I used to use drugs, alcohol, food and binging on TV to drown out my emotions. I’m so thankful that I can now reach for meditation instead.
There are many ways to meditate, one thing I want to emphasize. I hear people constantly tell me that they can’t empty the mind. It makes me happy to be able tell them that this is completely normal and acceptable. To be able to empty your head takes a lot of practice. This is something that most meditation practitioners rarely reach.
Since many years, I have been practicing mindful meditation. I see it as a way for me to be aware of the thoughts that are playing in my head unconsciously and control my emotions. It’s like “watching the show” in your head, according to one of my favorite teachers.

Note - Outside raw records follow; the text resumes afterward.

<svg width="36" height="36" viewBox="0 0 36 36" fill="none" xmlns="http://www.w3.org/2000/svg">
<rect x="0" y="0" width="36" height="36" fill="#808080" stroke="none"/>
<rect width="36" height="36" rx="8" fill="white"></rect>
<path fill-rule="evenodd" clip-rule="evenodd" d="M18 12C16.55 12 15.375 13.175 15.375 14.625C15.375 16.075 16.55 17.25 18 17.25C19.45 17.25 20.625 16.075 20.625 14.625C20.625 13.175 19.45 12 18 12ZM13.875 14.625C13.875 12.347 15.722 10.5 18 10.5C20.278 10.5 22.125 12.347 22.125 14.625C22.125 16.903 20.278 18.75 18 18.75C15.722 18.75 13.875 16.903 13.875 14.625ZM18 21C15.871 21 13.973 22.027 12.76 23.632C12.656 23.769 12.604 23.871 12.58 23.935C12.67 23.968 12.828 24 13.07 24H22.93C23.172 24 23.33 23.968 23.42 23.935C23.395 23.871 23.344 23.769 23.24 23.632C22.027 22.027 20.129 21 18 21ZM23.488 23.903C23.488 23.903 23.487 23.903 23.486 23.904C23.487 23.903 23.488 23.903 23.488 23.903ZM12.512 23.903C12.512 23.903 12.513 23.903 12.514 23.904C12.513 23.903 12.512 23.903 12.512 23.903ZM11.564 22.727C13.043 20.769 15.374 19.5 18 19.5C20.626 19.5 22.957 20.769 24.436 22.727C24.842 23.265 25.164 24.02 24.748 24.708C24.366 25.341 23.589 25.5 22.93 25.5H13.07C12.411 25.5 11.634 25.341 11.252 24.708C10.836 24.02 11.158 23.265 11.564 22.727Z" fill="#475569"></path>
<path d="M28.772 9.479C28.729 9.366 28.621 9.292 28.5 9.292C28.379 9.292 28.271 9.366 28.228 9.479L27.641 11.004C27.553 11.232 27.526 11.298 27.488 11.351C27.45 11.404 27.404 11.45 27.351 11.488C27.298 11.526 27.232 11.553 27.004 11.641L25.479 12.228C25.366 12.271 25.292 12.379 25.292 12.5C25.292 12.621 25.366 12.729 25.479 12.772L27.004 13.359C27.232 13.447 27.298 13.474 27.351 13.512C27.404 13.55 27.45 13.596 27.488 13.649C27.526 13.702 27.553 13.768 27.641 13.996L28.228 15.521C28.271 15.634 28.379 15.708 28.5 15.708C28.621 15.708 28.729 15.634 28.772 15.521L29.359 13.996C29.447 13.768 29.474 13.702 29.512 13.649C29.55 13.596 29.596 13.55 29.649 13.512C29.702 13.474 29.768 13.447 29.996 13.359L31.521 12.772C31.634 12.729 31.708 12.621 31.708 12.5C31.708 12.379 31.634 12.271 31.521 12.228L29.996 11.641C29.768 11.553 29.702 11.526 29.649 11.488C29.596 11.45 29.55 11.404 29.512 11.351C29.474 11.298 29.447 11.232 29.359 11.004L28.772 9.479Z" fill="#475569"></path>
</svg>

Transcendental meditation is something I do now, although it does require me to empty my mind. However, I still love returning to mindful meditation.
Connect to the Present Moment
This is a great way to get your mind back into the present moment if you are too stressed out to close your eyes or sit still.
Concentrate on your index finger for twenty-six to sixty seconds. Allow your body and mind to be consumed by this. Keep your finger near you to examine the rivets and lines. Take slow, deep breaths. Inhale through your nose and exhale through your mouth.
This is an easy and quick way to bring your awareness back into the present. Instead of dwelling on the future, or worrying about the possible outcomes, it allows you to focus on the present. Ayurvedic tradition suggests that you focus on your hands to help ground your soul and stabilize the body.
Change your perspective
It’s amazing how different people can react to the same situation in completely different ways.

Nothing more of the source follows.